The answer is that extensions cannot just "look at their dependencies" and expect the corresponding set of extensions to be available - We have to reduce that set somehow

topolarity avatar Aug 22 '24 21:08 topolarity

Kristoffer tried a fix to this in https://github.com/JuliaLang/julia/pull/48674, which made it so that pre-compilation just does not load any extensions at all. However, that ended up reverted as part of https://github.com/JuliaLang/julia/issues/49250 because it means that important functionality (in extensions) can end up unavailable during pre-compilation.

I think it might be sufficient to use a much more specific exception:

An extension being pre-compiled should only load extensions for the individual packages it imports (using Foo).

In particular, using A, B in an extension should only load the extensions that would have been loaded by using A or using B alone.

The idea here is that extensions can't depend on directly triggering other extensions, which prevents cycles, but indirectly triggering them is fine - That way using ModelingToolkit has access to the extensions ModelingToolkit "always" has access to.

There is one corner case... If the extension you're compiling has all of its triggers in its parent's dependencies (i.e. it always loads immediately after its parent, not very extension-like hah) then we need special handling. These "single-trigger" extensions cannot be loaded for other single-trigger extensions with the same parent (they share the same direct trigger → cyclical)

topolarity avatar Aug 22 '24 22:08 topolarity

I've recently noticed that this warning is triggered even for packages with no cycle:

julia> using Revise
┌ Warning: Circular dependency detected.

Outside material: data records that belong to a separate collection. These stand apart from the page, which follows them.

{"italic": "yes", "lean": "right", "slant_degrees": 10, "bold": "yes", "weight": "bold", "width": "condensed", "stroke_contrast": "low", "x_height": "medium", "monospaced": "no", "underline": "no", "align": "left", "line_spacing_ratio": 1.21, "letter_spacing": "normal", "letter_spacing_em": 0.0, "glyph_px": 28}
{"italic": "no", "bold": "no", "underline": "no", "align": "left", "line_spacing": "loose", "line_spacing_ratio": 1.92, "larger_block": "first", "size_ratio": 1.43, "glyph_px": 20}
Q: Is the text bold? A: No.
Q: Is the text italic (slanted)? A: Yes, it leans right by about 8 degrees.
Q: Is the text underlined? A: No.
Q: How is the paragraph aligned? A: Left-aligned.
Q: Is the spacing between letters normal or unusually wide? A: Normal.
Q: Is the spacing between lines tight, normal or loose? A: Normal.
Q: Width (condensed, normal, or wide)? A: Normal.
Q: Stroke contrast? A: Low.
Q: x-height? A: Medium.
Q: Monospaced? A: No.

Precompilation will be skipped for:
│   Base.PkgId(Base.UUID("16a59e39-deab-5bd0-87e4-056b12336739"), "ModelingToolkitStandardLibrary")
│   ...
│   Base.PkgId(Base.UUID("eb713886-0b96-5c41-a09d-5e8967e02f7d"), "ManifoldsBoundaryValueDiffEqExt")
└ @ Base.Precompilation precompilation.jl:560
[ Info: Precompiling Revise [295af30f-e4ad-537b-8983-00126c2a3abe] (cache misses: wrong julia version (2))

I never loaded ModelingToolkit... But I pay a huge load time penalty for its cycle.

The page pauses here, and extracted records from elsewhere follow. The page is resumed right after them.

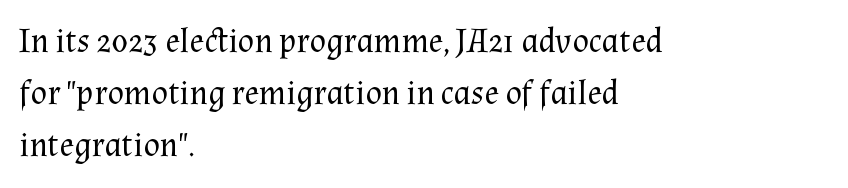
Character widths vary here, with narrow letters taking less room than wide ones. Compared with typical paragraphs, the rows here are spaced about the same. Descenders are the only things crossing below the line. Horizontal alignment here is leftward, the default for most running prose. Vertical strokes here are truly vertical.
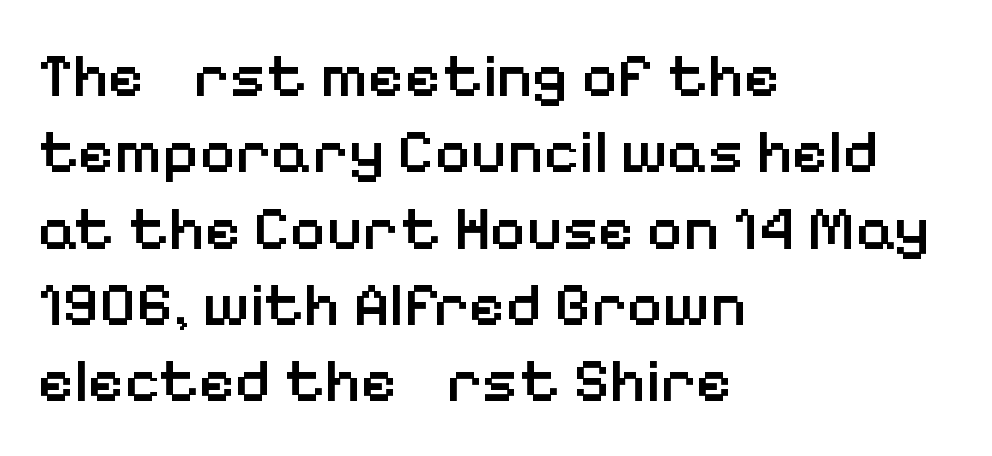
{"serif": "no", "italic": "no", "bold": "semi", "weight": "semibold", "width": "normal", "stroke_contrast": "low", "x_height": "medium", "monospaced": "no", "underline": "no", "align": "left", "line_spacing_ratio": 1.23, "letter_spacing": "normal", "letter_spacing_em": 0.0, "glyph_px": 62}
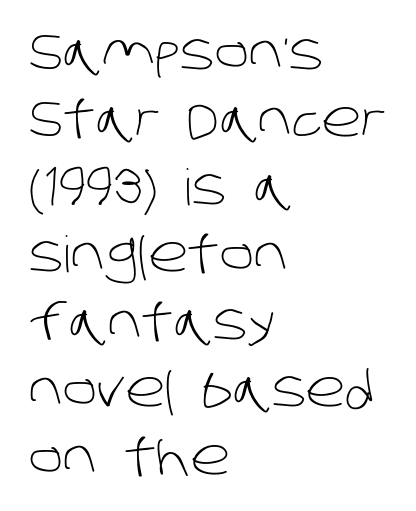
Q: Is the text bold? A: No.
Q: Is the typeface a serif or a sans-serif typeface? A: Sans-serif.
Q: Is the text underlined? A: No.
Q: How is the paragraph aligned? A: Left-aligned.
Q: Is the spacing between letters normal or unusually wide? A: Normal.
Q: Is the spacing between lines tight, normal or loose? A: Normal.
Q: Width (condensed, normal, or wide)? A: Normal.
Q: Stroke contrast? A: Low.
Q: x-height? A: Large.
Q: Monospaced? A: No.
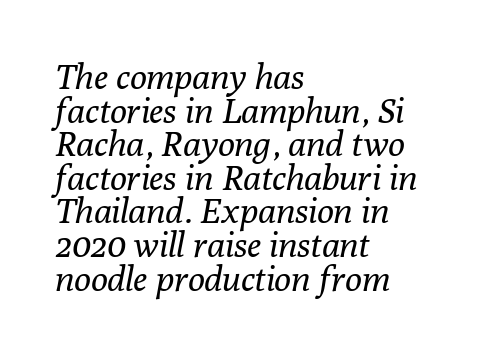
The image shows 35 px regular-weight serif type, italic (leaning right); set left-aligned, tight line spacing (0.96x), normal letter spacing, not underlined; low stroke contrast and a medium x-height.
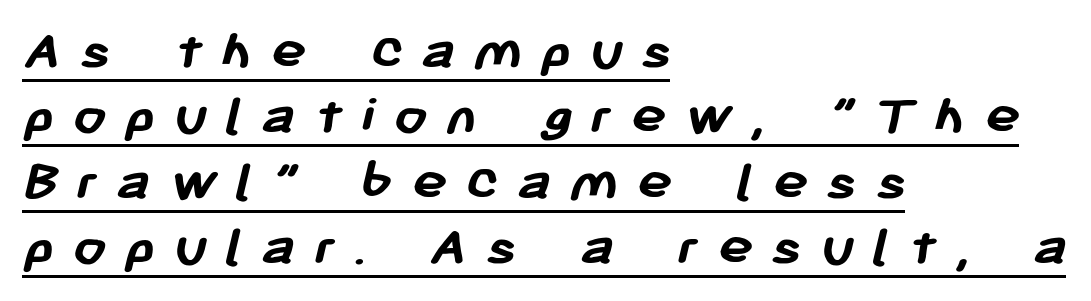
The image shows 59 px semibold sans-serif type; set left-aligned, tight line spacing (1.11x), unusually wide letter spacing (+0.31 em), underlined; low stroke contrast and a medium x-height.
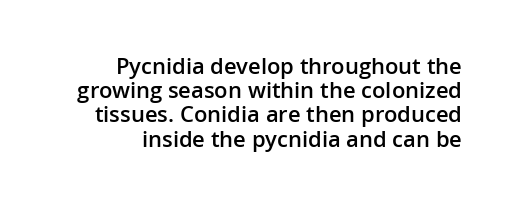
The image shows 22 px text type, upright; set right-aligned, tight line spacing (1.1x), normal letter spacing, not underlined.

topolarity avatar Aug 23 '24 21:08 topolarity

I think https://github.com/JuliaLang/julia/pull/53957 should solve that.

KristofferC avatar Aug 24 '24 06:08 KristofferC

Latest proposal is quite a bit more permissive (allows for more ext -> ext dependencies):

Load ext A for ext B if the unique triggers of A are all reachable from the unique triggers of B

This subsumes the rule above, and also would allow for dependencies like:

  • Ext1 depends on {A, C}
  • Ext2 depends on {B, C}
  • B depends on A

In that example, this rule would add an implicit dependency between the extensions:

  • Ext2 depends on Ext1

which was the situation in https://github.com/JuliaLang/julia/pull/55589#issuecomment-2330466773.

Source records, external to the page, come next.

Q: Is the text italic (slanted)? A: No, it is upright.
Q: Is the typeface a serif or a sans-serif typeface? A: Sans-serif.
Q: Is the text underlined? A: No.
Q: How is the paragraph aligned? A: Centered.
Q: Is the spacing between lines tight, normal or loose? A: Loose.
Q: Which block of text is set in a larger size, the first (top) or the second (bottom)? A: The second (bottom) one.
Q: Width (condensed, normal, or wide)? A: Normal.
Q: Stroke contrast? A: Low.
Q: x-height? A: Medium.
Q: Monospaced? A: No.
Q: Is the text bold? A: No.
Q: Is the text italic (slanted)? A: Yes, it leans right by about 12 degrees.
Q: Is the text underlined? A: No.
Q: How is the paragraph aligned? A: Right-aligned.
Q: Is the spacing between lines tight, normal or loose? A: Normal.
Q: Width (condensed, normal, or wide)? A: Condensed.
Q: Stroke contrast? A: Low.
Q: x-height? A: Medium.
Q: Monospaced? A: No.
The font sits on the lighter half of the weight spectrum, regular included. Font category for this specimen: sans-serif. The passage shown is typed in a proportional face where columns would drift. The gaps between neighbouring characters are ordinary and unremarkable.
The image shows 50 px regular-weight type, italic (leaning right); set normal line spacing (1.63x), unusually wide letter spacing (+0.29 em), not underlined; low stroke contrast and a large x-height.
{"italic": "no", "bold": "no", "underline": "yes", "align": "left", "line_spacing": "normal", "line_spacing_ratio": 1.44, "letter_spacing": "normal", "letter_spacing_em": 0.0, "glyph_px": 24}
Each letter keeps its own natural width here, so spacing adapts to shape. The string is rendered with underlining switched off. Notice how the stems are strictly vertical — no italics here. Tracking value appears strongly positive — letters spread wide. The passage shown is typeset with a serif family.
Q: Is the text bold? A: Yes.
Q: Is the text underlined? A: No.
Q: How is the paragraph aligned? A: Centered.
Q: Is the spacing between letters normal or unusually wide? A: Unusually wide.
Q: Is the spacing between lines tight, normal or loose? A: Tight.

The rule also still works even if these are "single-trigger" extensions (e.g., if C depends on B).

topolarity avatar Sep 05 '24 14:09 topolarity

I don't like how a random package adding a dependency (without even loading it) can cause code to behave differently.

KristofferC avatar Sep 05 '24 15:09 KristofferC

What's the problematic case you have in mind?

Whenever a dependency edge B->A affects whether we "infer" an edge from Ext1->Ext2 it's because A and B were actually loaded (since they are the triggers for your extensions).

edit: Ah here's the problem: Take the example above where B depends on A, but let's say B does not actually load A. Ext1 does not trigger in that case, so we wouldn't force it to load either (even though it's ordered by the rule above). If A is loaded later, we already loaded Ext2 without Ext1.

So we prevented the cycle, but didn't provide the right trigger - Yeah not the rule we want.

topolarity avatar Sep 05 '24 20:09 topolarity

Just to summarize the fixes here:

  • Extensions do not have "ambient" rights to load other extensions during pre-compile (removed in #55589)
  • Extensions do load other extensions that their packages had a right to load

At some point in the future, we may want to allow direct ext → ext loading rights. Either the "subset rule" on explicit triggers seems like a sound way to do that (i.e. triggers(ext1) ⊊ triggers(ext2)) or requiring explicit ext -> ext edges works as well.

The important piece for any solution there is that it needs to "break the symmetry" and make explicit whether ExtAB depends on ExtBA, or vice-versa.

topolarity avatar Sep 30 '24 13:09 topolarity